Several factors can impact PEX30 antibody specificity:

• Antibody properties:

  • Polyclonal antibodies may recognize multiple epitopes, potentially leading to cross-reactivity

  • Antibody generation method (peptide vs. recombinant protein immunization)

  • Validation extent across different species and applications

• Experimental conditions affecting specificity:

  • Blocking solution composition (5% milk may contain cross-reactive proteins)

  • Incomplete washing leading to non-specific binding

  • Overly high antibody concentration increasing background signal

• Validation approaches:

  • Test antibody on lysates from PEX30 knockout cells

  • Pre-absorb antibody with immunizing peptide to confirm specificity

  • Validate results with a second antibody targeting a different epitope

How can PEX30 antibodies be used to study membrane contact sites?

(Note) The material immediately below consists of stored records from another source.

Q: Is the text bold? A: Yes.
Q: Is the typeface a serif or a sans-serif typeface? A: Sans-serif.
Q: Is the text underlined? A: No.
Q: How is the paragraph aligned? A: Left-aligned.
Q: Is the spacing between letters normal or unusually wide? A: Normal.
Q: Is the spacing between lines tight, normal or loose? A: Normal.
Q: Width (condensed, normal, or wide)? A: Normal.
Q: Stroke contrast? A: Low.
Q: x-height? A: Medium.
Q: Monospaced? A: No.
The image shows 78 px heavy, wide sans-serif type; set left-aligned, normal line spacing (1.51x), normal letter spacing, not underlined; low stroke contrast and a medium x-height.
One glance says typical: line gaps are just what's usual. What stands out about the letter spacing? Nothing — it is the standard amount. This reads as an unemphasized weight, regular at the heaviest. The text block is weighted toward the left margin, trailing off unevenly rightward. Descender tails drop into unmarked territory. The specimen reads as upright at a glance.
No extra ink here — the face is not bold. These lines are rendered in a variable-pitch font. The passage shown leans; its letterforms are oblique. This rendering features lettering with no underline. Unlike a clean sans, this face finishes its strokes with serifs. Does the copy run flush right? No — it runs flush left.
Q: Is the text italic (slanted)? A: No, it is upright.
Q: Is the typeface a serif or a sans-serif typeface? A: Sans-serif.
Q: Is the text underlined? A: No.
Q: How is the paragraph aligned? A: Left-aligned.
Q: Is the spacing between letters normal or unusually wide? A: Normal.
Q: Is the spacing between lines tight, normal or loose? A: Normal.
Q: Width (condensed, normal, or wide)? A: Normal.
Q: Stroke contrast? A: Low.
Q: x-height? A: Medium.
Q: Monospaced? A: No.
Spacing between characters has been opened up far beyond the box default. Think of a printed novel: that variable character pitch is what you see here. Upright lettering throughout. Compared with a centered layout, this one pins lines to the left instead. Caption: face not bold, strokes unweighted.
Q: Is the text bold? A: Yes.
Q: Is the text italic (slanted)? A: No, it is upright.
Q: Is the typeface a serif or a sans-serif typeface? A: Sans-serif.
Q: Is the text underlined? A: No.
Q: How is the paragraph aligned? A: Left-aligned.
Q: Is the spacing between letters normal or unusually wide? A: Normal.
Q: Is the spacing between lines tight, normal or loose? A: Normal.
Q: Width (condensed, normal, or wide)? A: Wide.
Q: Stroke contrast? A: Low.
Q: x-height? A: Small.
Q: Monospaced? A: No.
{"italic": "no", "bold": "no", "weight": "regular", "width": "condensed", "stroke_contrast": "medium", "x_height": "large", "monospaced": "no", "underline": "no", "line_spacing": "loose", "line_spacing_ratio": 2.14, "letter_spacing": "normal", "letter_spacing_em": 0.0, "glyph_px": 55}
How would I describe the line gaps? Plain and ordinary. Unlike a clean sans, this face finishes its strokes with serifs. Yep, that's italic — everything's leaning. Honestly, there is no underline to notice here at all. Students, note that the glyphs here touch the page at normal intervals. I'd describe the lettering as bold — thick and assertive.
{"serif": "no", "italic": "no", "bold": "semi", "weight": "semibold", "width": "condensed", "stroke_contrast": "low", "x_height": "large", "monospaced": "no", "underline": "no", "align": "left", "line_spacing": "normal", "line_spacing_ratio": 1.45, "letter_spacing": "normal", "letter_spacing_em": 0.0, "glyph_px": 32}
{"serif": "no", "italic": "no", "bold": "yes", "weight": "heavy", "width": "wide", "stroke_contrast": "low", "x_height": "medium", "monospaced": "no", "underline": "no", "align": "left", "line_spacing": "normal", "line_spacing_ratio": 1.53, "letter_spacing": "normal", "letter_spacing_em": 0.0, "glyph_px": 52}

PEX30 antibodies can provide valuable insights into membrane contact sites through:

• Proximity labeling approaches:

  • Use PEX30 antibodies in combination with APEX2 or BioID proximity labeling

  • Identify proteins in close proximity to PEX30 at different membrane contact sites

• Co-localization studies:

  • Co-stain with markers for different organelles (peroxisomes, lipid droplets, ER)

  • Quantify overlap using high-resolution microscopy to map PEX30 distribution

• Biochemical fractionation:

  • Use PEX30 antibodies to detect enrichment in different membrane fractions

  • Compare levels across different experimental conditions affecting membrane contact sites

• Immunoprecipitation of intact membrane contacts:

  • Use carefully optimized conditions that preserve membrane contacts during extraction

  • Apply PEX30 antibodies to isolate intact contact sites for proteomic analysis

These approaches leverage PEX30's position at membrane interfaces to understand the composition and dynamics of these important cellular structures.

What are the best experimental designs to study PEX30's role in mutant backgrounds?

To effectively study PEX30 in genetic backgrounds:

• Complementation strategies:

  • Express wild-type PEX30 in pex30Δ cells to confirm phenotype rescue

  • Create a series of domain mutants to identify functional regions

• Double mutant analysis:

  • Generate double mutants with related pathways (e.g., pex30Δfld1Δ)

  • Quantify synthetic phenotypes using appropriate markers (e.g., BODIPY staining for lipid droplets)

• Rescue experiments:

  • Test if overexpression of other family members can rescue mutant phenotypes

  • Use domain swap experiments to identify functional equivalency between family members

• High-resolution phenotyping:

  • Apply electron microscopy to characterize ultrastructural changes in mutants

  • Use live-cell imaging to track dynamic protein movements and organelle contacts

These experimental designs systematically dissect PEX30 function through genetic manipulation and careful phenotypic analysis.